Will they bend or break, and which one will cave first?

Benchmark setup

For this benchmark I’m mainly interested in how Logstash and Fluend react in comparable circumstances. I’ll be feeding both aggregators the same data and will ramp up volumes gradually.

The events are scraped from a Wildfly server log and enhanced with some details of the runtime environment. The server log will contain a variety of log messages and will yield events with an average size of 1.5 KiB. Ten dedicated worker nodes will generate these events.

Both aggregators implement comparable pipelines and forward the parsed events to an Elasticsearch cluster. The Elasticsearch cluster must not act as a bottleneck and is significantly oversized.

I will rely on off-the-shelf tools to monitor and plot the results of my benchmark. All these tools are conveniently bundled on a single Controller node.

  • Ansible: provision and operate the setup.
  • Kibana: plot graphs of the by Elasticsearch ingested events.
  • Prometheus: monitor and aggregate node and JVM statistics.
  • Grafana: plot graphs of node resource usage.
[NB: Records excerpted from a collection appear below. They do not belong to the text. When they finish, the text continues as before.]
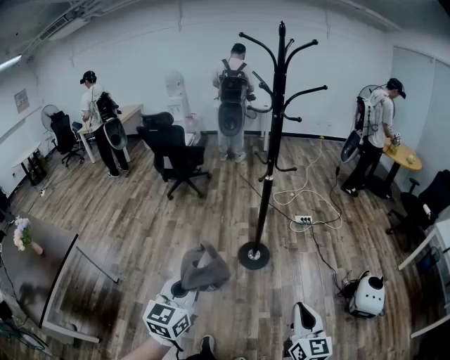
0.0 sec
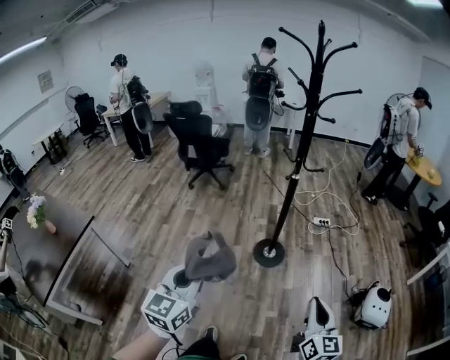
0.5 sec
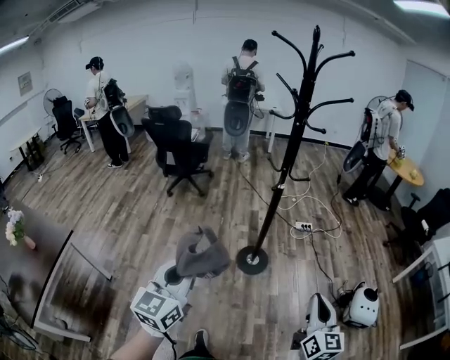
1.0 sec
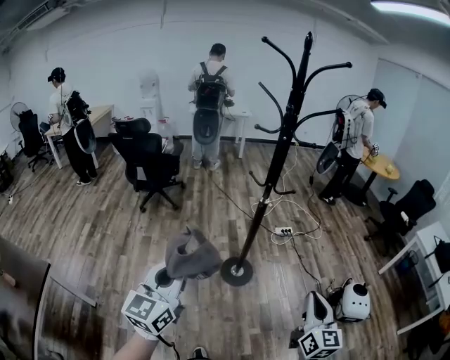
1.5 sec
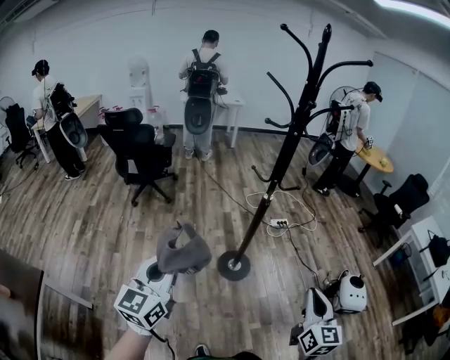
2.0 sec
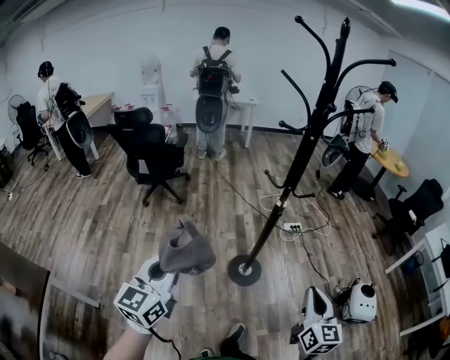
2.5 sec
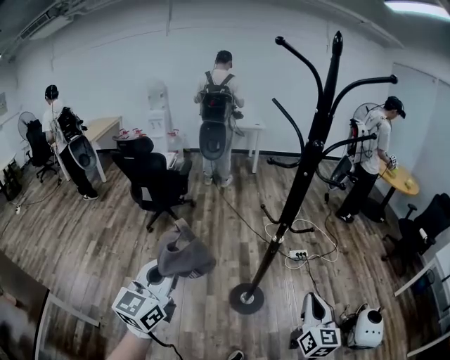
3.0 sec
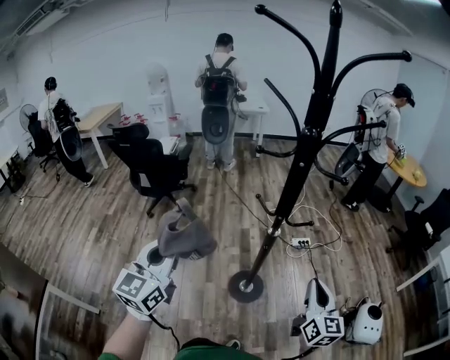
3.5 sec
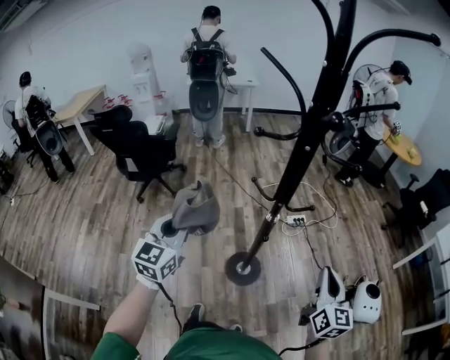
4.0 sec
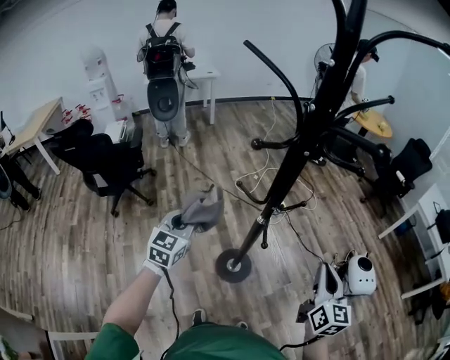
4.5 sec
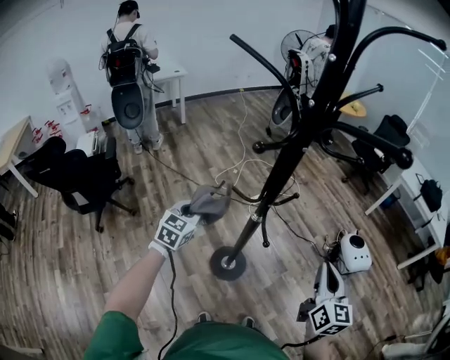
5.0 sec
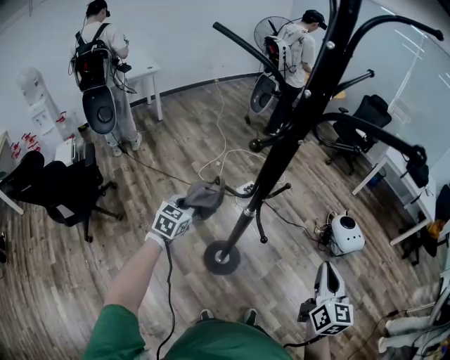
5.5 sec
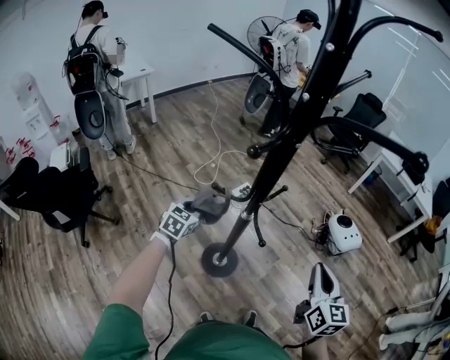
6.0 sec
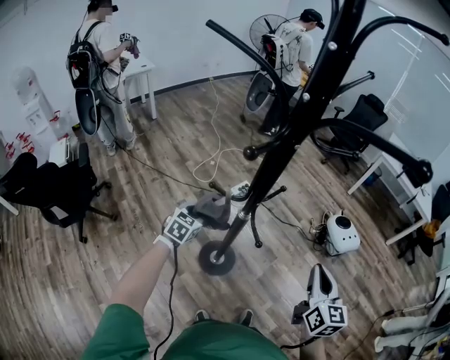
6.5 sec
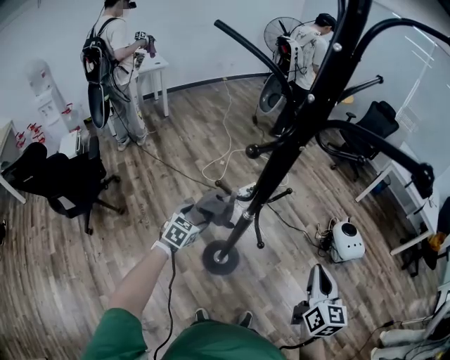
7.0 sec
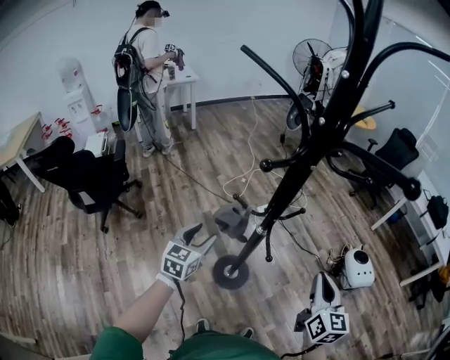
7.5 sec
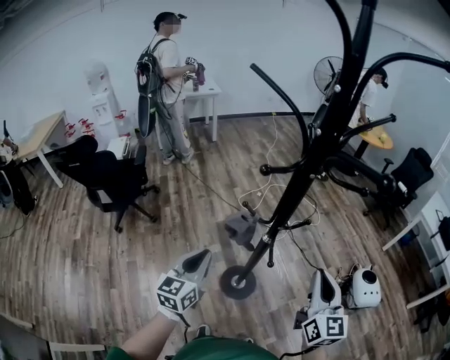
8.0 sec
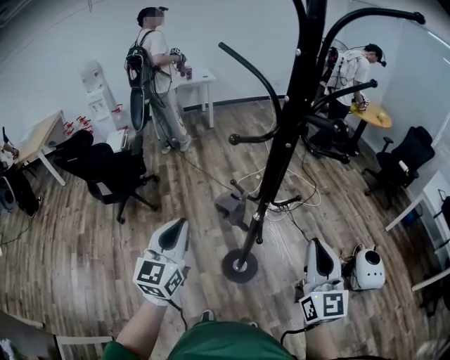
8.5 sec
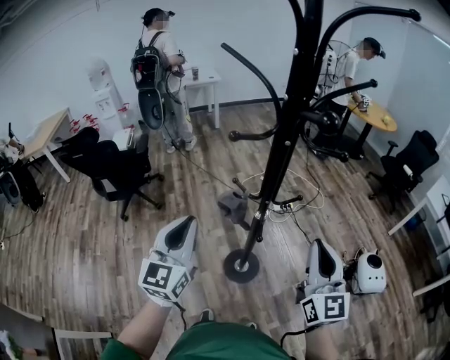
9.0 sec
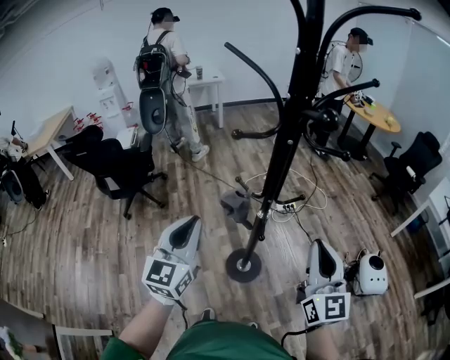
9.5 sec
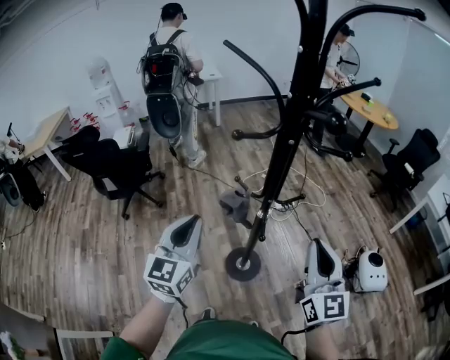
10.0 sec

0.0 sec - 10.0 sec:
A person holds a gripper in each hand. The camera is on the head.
0.0 sec - 2.0 sec: The grippers both shift forward and to the left by some 25 cm.
2.0 sec - 4.0 sec: Both grippers travel together forward, approximately 30 cm.
4.0 sec - 6.0 sec: The left gripper ends up about 35 cm from where it was, and rotates roughly 50 degrees. The right gripper changes place by roughly 10 cm, and swivels some 30 degrees.
6.0 sec - 8.0 sec: The right gripper goes some 5 cm upward, and rotates approximately 30 degrees; the left gripper heads backward and upward, covering some 25 cm, swivels about 40 degrees, and opens, then closes again.
8.0 sec - 10.0 sec: The left gripper shifts roughly 10 cm upward.

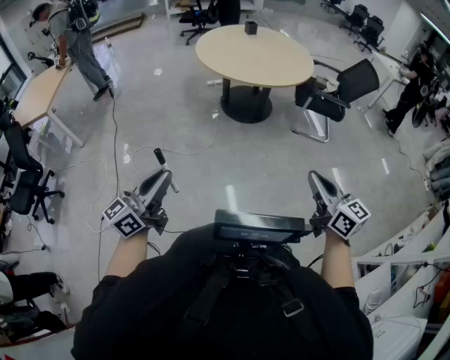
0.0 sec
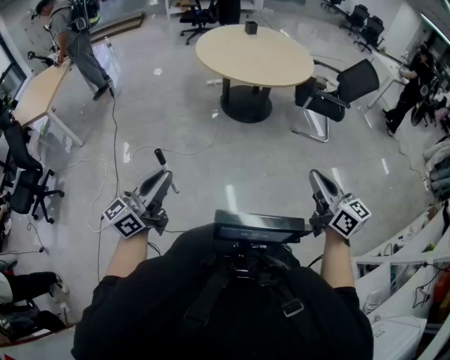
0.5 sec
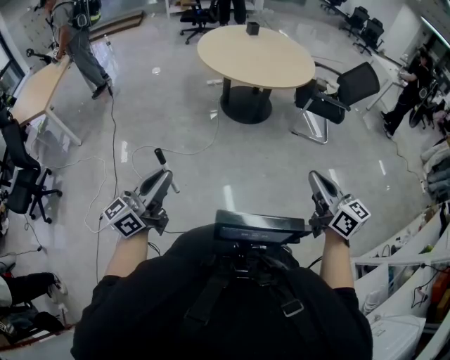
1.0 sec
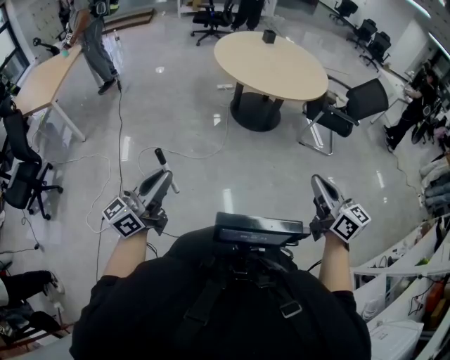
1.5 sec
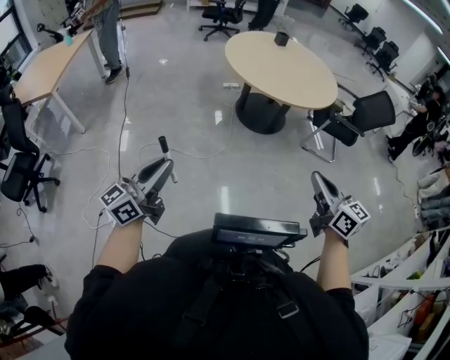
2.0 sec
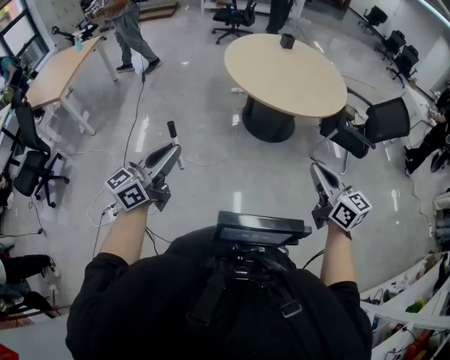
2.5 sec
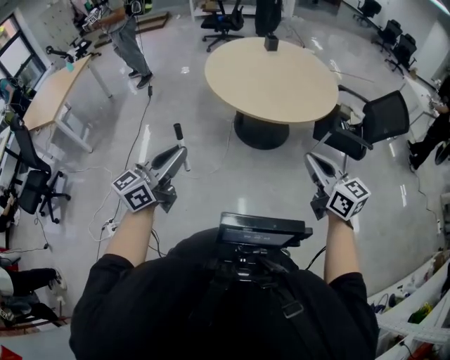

I collect metrics from all nodes but I’m mainly interested in the Logstash and Fluentd results. The other metrics are still useful to detect, for example, congestion on the workload nodes.

Workload nodes

The workload nodes produce a steady flow of events for Logstash and Fluend to process. There are 10 nodes in total, providing ample volume, with the following specs:

  • CPU: 2 vCPU @ 3.6 GHz.
  • Memory: 4 GiB

Events are generated by scraping a Wildfly server log. The Wildfly server contains a single web-service and writes several events to the server log for each call received. One in 10 calls results in an IndexOutOfBounds exception and writes a multi-line stack trace to the log.

A simple python script provides the necessary input. It can spawn an arbitrary amount of threads that send SOAP requests to the web-service. Each thread will send 10 requests/sec.

FileBeat

The FileBeat agent will scrape the Wildfly server log and combine multi-line log lines into a single event. To give the events sent to Logstash more body, I also add the add_host_metadata processor.

filebeat.inputs:
   - type: log
     enabled: true
     paths:
       - /opt/wildfly/standalone/log/server.log
     multiline:
       pattern: "^[0-9]{4}-[0-9]{2}-[0-9]{2} [0-9]{2}:[0-9]{2}:[0-9]{2},[0-9]{3}"
       negate: true
       match: after
     fields:
       source: wildfly
processors:
   - add_host_metadata: {}
...

The connection between FileBeat and Logstash is secured using Mutual TLS Authentication.

FluentBit

FluentBit proved to be more tricky. While it’s easy to configure FluentBit to scrape multi-line log entries, the events themselves were significantly smaller compared to the ones generated by FileBeat. Because of the nested nature of the extra fields that my Logstash configuration introduces, I will add a Lua filter to add a comparable set of fields.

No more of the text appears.